What to do
Could you please retype the records exactly, minus their pictures?

(Items listed in a dataset)
Content starts
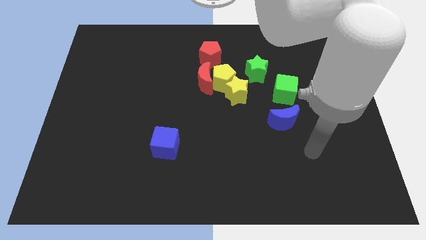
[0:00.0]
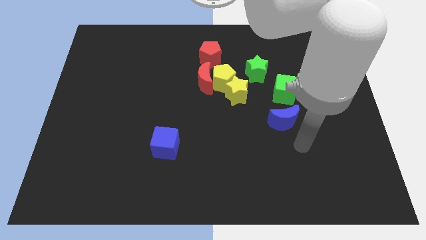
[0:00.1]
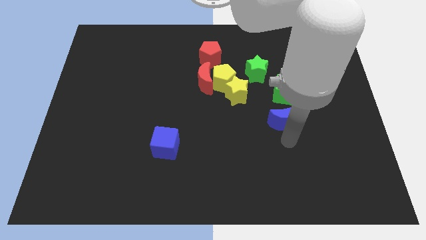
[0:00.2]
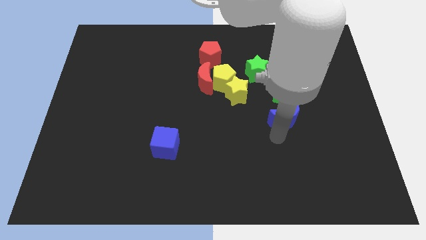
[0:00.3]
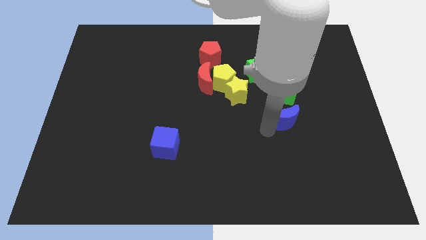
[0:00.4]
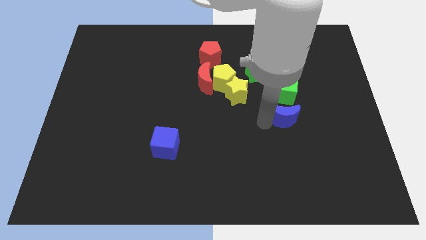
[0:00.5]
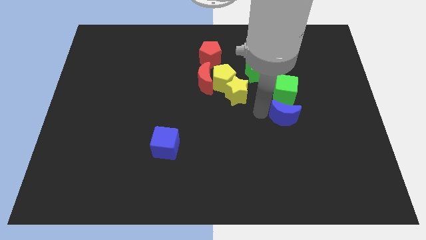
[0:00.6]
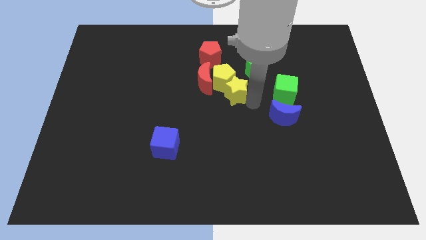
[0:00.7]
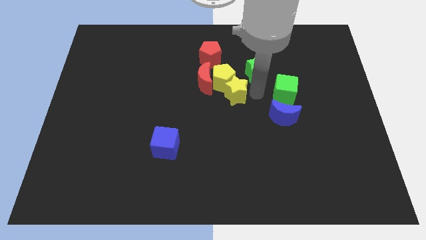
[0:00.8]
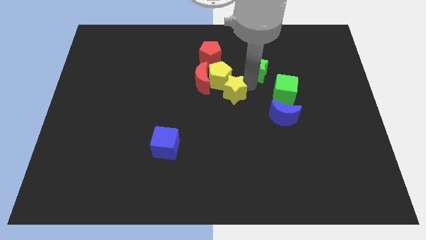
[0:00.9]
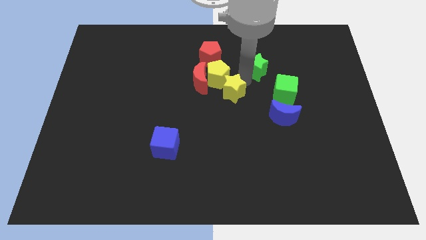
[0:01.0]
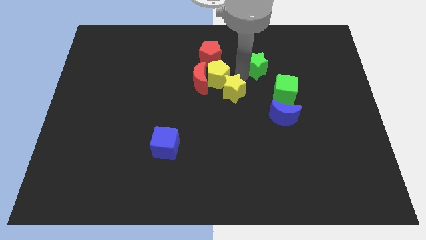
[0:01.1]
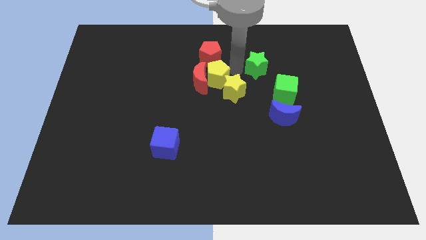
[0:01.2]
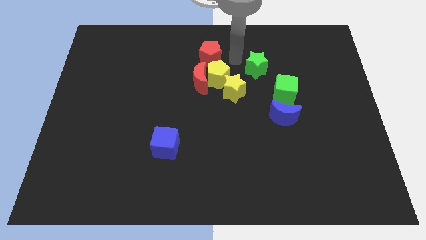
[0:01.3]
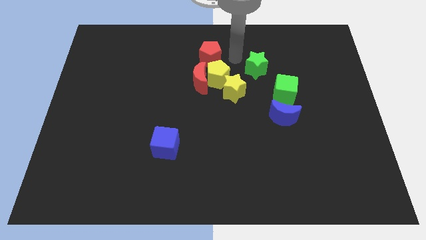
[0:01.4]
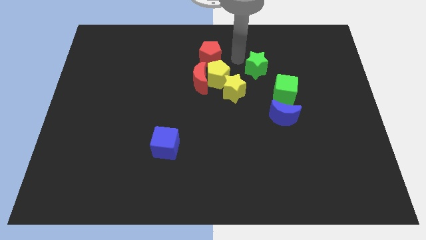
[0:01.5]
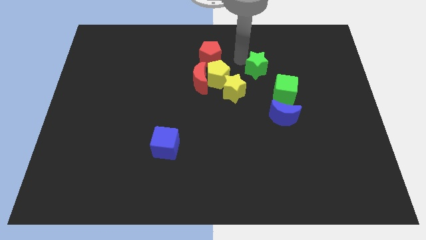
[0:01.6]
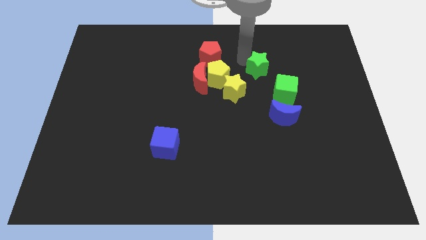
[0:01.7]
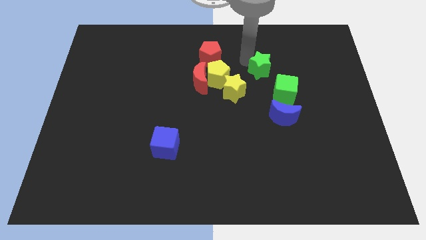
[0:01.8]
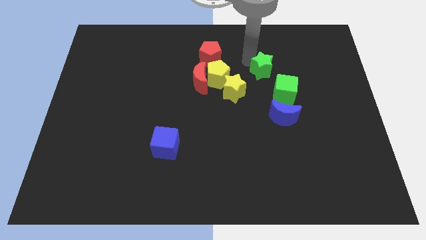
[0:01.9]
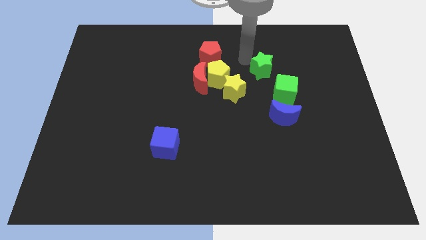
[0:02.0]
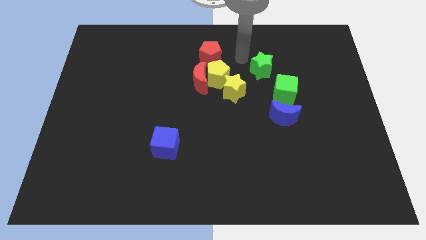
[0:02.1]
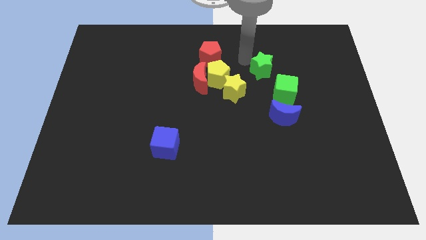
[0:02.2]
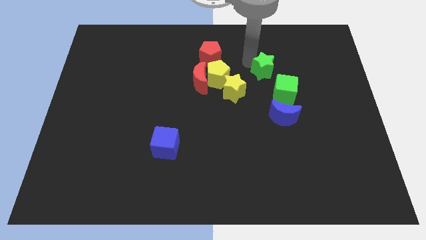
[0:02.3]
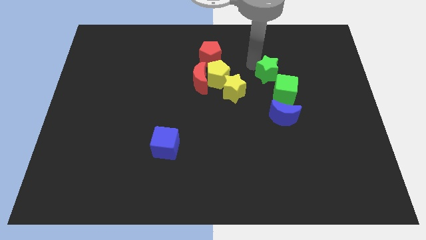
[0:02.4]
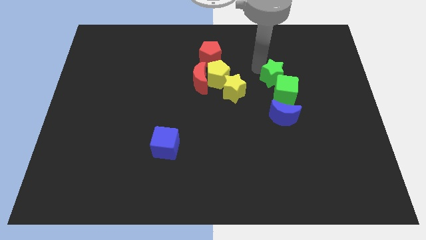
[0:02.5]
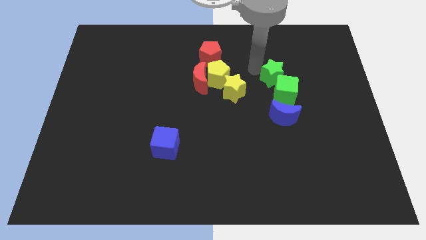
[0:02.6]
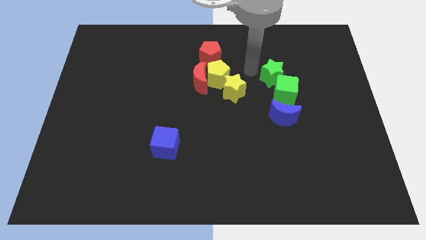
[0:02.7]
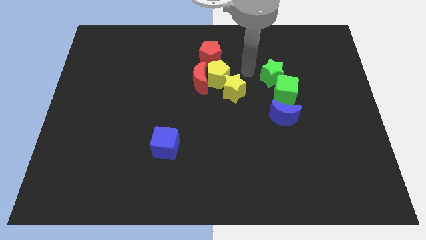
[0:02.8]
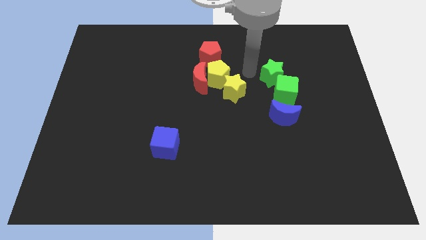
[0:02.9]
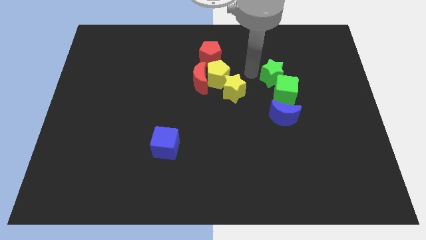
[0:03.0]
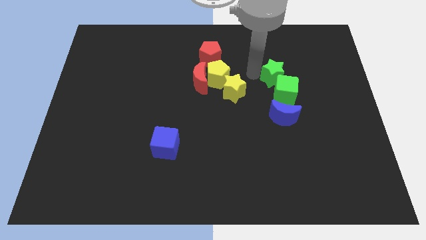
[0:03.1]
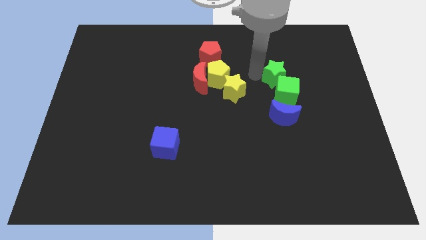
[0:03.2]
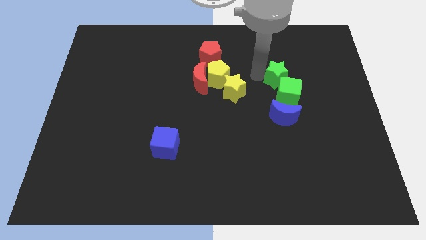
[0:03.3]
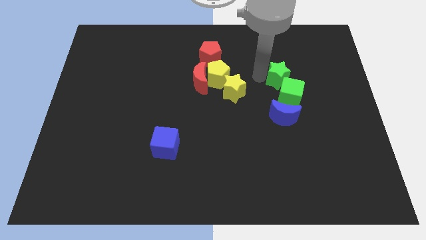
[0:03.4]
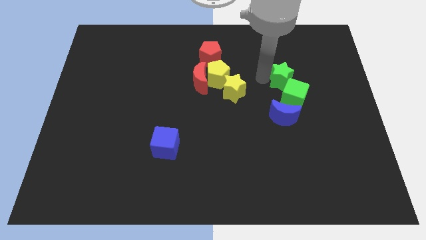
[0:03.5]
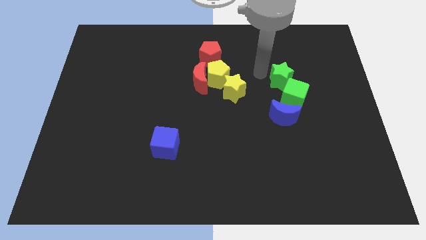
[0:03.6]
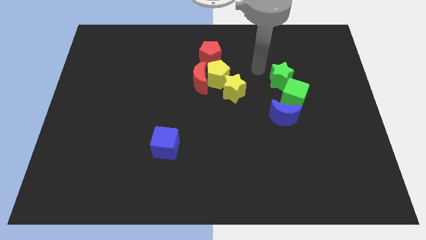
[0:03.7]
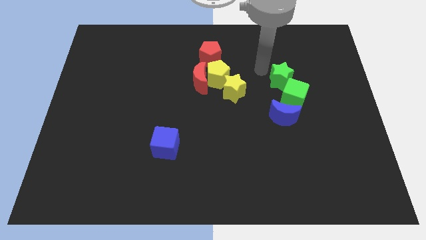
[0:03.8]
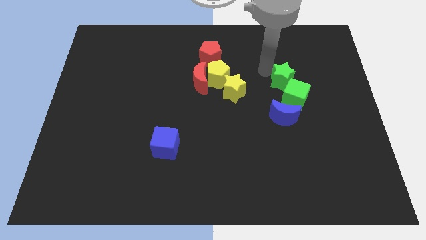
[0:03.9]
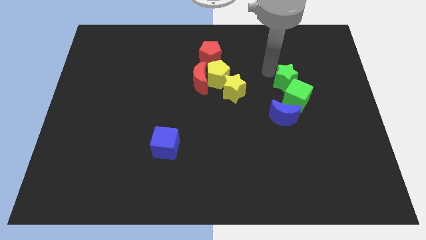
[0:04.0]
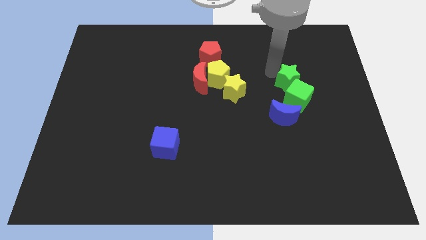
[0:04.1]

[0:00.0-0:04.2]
slightly move the green star diagonally downwards and right
Content ends
Worked solution
[0:00.0]
[0:00.1]
[0:00.2]
[0:00.3]
[0:00.4]
[0:00.5]
[0:00.6]
[0:00.7]
[0:00.8]
[0:00.9]
[0:01.0]
[0:01.1]
[0:01.2]
[0:01.3]
[0:01.4]
[0:01.5]
[0:01.6]
[0:01.7]
[0:01.8]
[0:01.9]
[0:02.0]
[0:02.1]
[0:02.2]
[0:02.3]
[0:02.4]
[0:02.5]
[0:02.6]
[0:02.7]
[0:02.8]
[0:02.9]
[0:03.0]
[0:03.1]
[0:03.2]
[0:03.3]
[0:03.4]
[0:03.5]
[0:03.6]
[0:03.7]
[0:03.8]
[0:03.9]
[0:04.0]
[0:04.1]

[0:00.0-0:04.2]
slightly move the green star diagonally downwards and right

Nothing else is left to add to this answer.